The data from this study are available on GEO in the mm9 reference genome. I checked out their harringtonine profiling data for my favorite gene, Prnp, for which I think they have used the annotation uc008mly.2, whose canonical start site should be at nucleotide 155. In bash:

gunzip GSE30839_GSM765295_ribo_mesc_harr150s-profiles.tar.gz
tar -xvfGSE30839_GSM765295_ribo_mesc_harr150s-profiles.tar
cd fp_mesc_harr150s/
cat chr2\:131735655-131764173_45031_nt_counts.txt > ../prnp-mm9.txt

And then in R:

prnp = read.table('prnp-mm9.txt')
plot(1:length(prnp$V1),prnp$V1,type='h',axes=FALSE,xlab='location',ylab='read depth',main='Harringtonine-arrested ribosome profiling\nof Prnp in mouse ES cells',cex.main=.8)

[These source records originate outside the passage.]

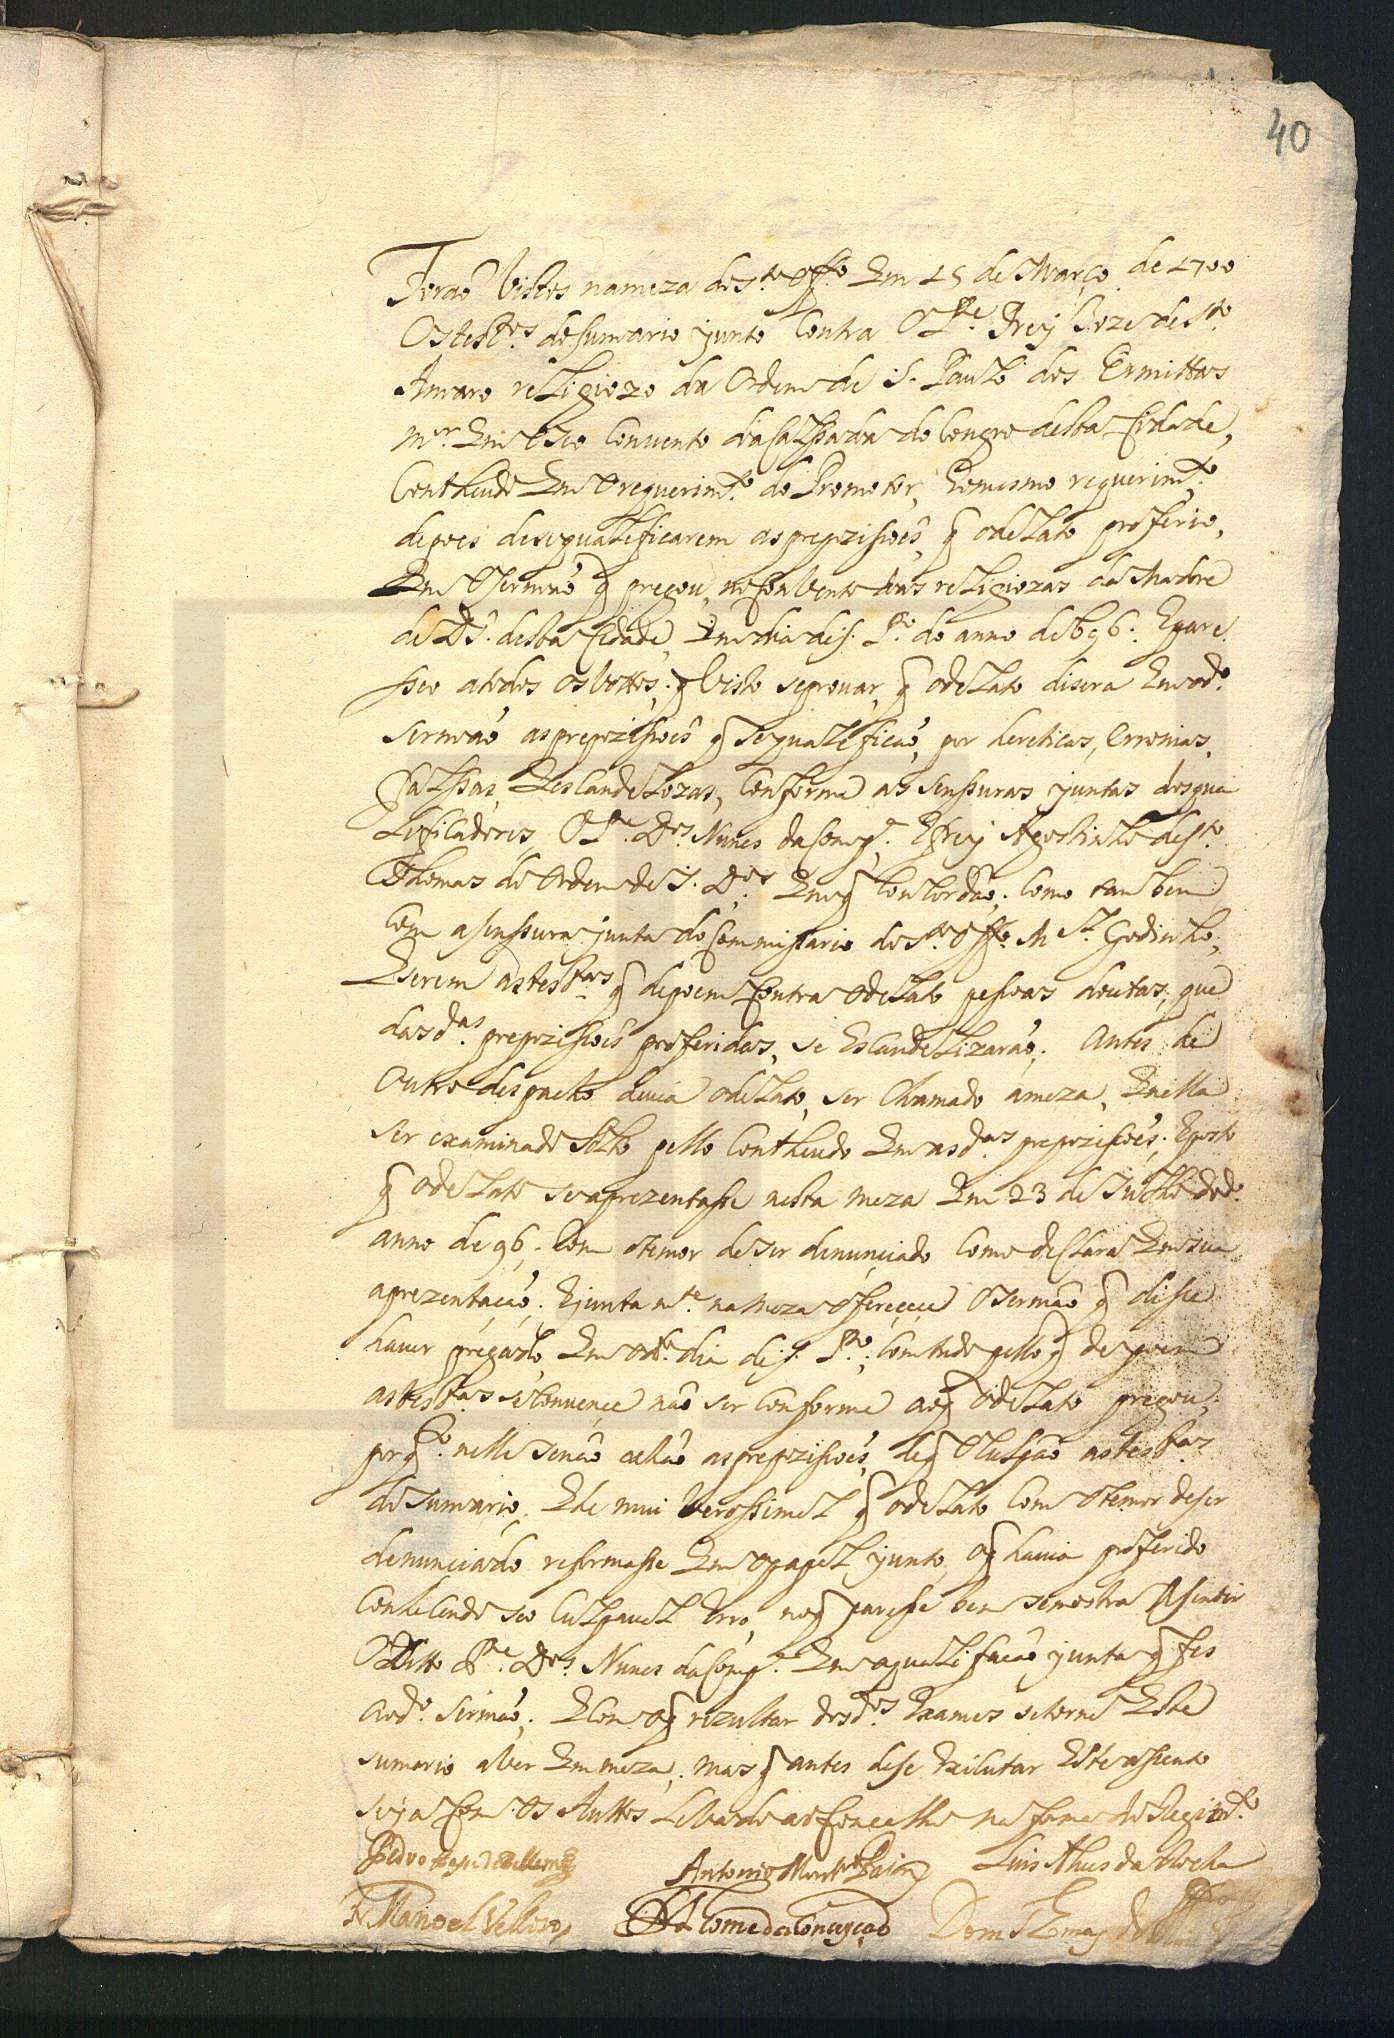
Foraõ Vistos na meza do s.to off.o Em 15 de Março de 1700
Os test.os de sumario junto contra O P.e Frey Ioze de Sto
Amaro religiozo da Ordem de .S. Paulo dos Ermittas
m.or Em o seo Conuento da Calssada do Congro desta Cidade
Contheudo Em O requerim.to do Promotor E o mesmo requerim.to
depoes de se qualeficarem as prepozissoẽs, q̄ o delato proferio
Em O sermaõ q̄ pregou, no Convento das religiozas da Madre
de Ds̄. desta Cidade, e no dia de S. P.o do anno de 696: E pare
sser a todos os vottos: q̄ Visto se prouar q̄ o deLato disera E no d.o
sermaõ as prepozissoẽs q̄ se qualeficaõ, por hereticas, erronias,
falssas, E escandeLozas, conforme as senssuras juntas dos qua
Lificadores, O P.e D.os Nunes da Comp.a e frey Agostinho de s.to
Thomas do Ordem de S. D.os E no q̄ concordaõ. Como tambem
com a senssura junta do Commissario do S.to off.o Mel. Godinho,
E serem as test.as q̄ depoem Contra o delato pessoas doutas, que
das d.as prepozissoẽs proferidas, se EscandeLizarão; antes de
Outro despacho deuia o deLato ser Chamado a meza, E nella
ser examinado solto pello Contheudo Em as d.as prepozissoẽs; E posto
q̄ o delato se aprezentasse nesta meza Em 23 de Iulho do do
anno de 96. com o temor de ser denunciado Como deClara Em sua
aprezentaçaõ. E juntam.te na Meza ofereceu O sermaõ q̄ disse
hauer pregado Em o d.o dia de S. P.o, comtudo pello q̄ depoem
as test.as se Conuence naõ ser Conforme ao q̄ o deLato pregou,
porq.to nelle senão achaõ as prepozissoẽs, de q̄ o Culpaõ as test.as
do sumario, E he mui VerossimeL q̄ o deLato Com o temor de ser
denunciado reformasse Em o papel yunto, o q̄ hauia proferido
conhecendo seo CulpaueL Erro, no q̄ paresse bem se mostra Asentir
O Ditto P.e D.os Nunes da Comp.a Em a qualifaçaõ yunta q̄ fes
ao d.o sermaõ; E Com o q̄ rezultar dos d.os Exames se torne Este
sumario a ver Em meza; mas q̄ antes de se ExiCutar Este assento
se ya fes os Auttos Levando ao Concelho na forma do Regim.to
Pedro Hasse de Bellem
Antonio Montro Paim Luis Alues da Rocha
Fr. Manoel Vellozo
Thome da Conceyçaõ Dom Thomas do M
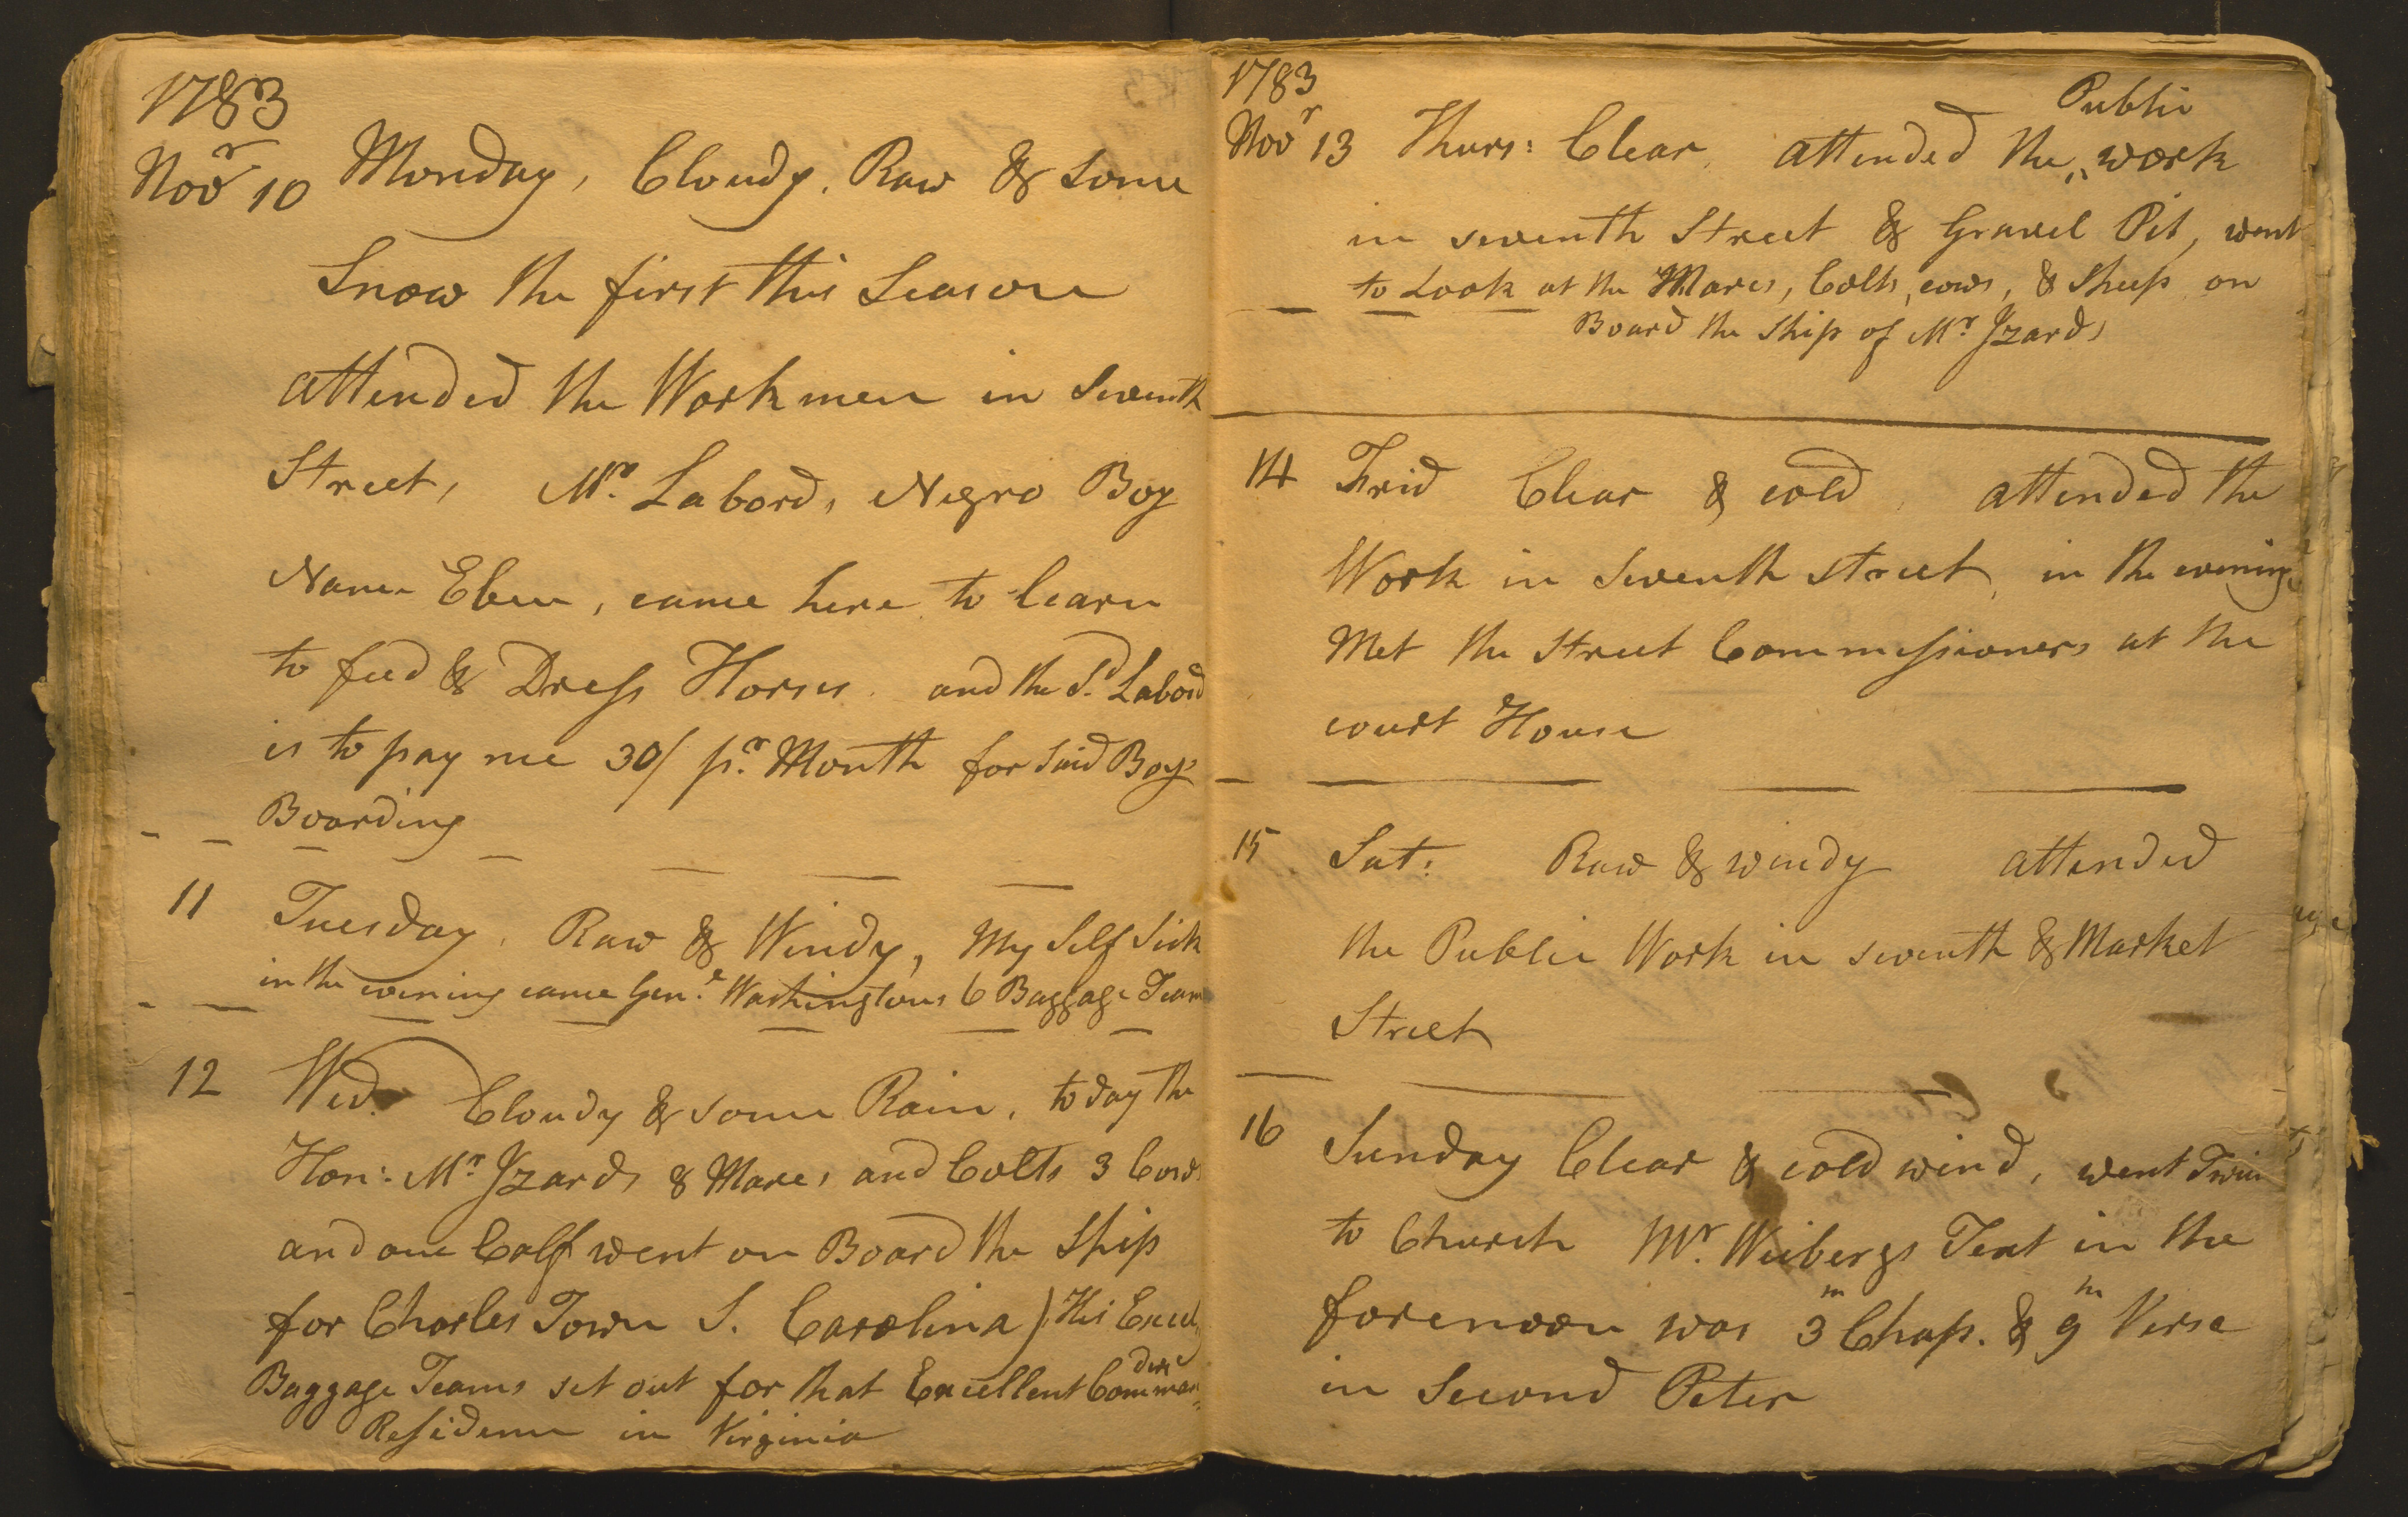1783
Nov^r 10
Monday, Cloudy. Raw & some
Snow the first this season
attended the Workmen in seventh
Street, M^r. Labord, Negro Boy
Name Eben, came here to learn
to feed & Dress Horses, and the s^d. Labord
is to pay me 30s p^r. Month for said Boys
Boarding
11 Tuesday. Raw & Windy My Self Sick
in the evening came Gen^l. Washingtons 6 Baggage Team
12 Wedr Cloudy & some Rain, to day the
Hon: M^r. Izards 8 Mare, and Colts 3 Cow
and one Calf went on Board the Ship
for Charles Tom S. Carolina ) This Excely
dir
Baggage Teams set out for that Excellent Comman^der
Residence in Virginia
1783
Public
Nov^r 13 Thurs: Clear, attended the ^ work
in seventh Street & Gravel Pit, went
to Look at the Mares, Colts, cows, & Sheep on
Board the ship of M^r. Izards
14 Frid Clear & cold attended the
Wook in seventh street in the evening
Met the Street Commissioners at the
court House
15 Sat. Raw & windy attended
the Public Work in seventh & Market
Street
16 Sunday Clear & cold wind, went Twice
to Church M^r. Weibergs Text in the
forenoon was 3^th Chap. & 9^th Verse
in second Peter

I was impressed to find there actually is some decent data for Prnp - I had thought it was not very highly expressed in ES cells and might not even be detectable. Here’s what the profile looks like when ribosomes are arrested with harringtonine:

The main peak is at nt 139 (this may indicate they had a different transcript annotation than the one I had where the canonical start site is at 155). There is a smaller peak just to the right, at 212, about 24 codons downstream of 139, so right near the end of the signal peptide. I wonder if this represents ribosome pausing due to cotranslational translocation. There are also some much smaller peaks slightly to the left, but this may just be noise. Unlike human PRNP, mouse Prnp does not have the uORFs discussed in [Moreno 2012]. The putative alternate start codon of altPrP [Vanderperre 2011] is also not present in mouse Prnp.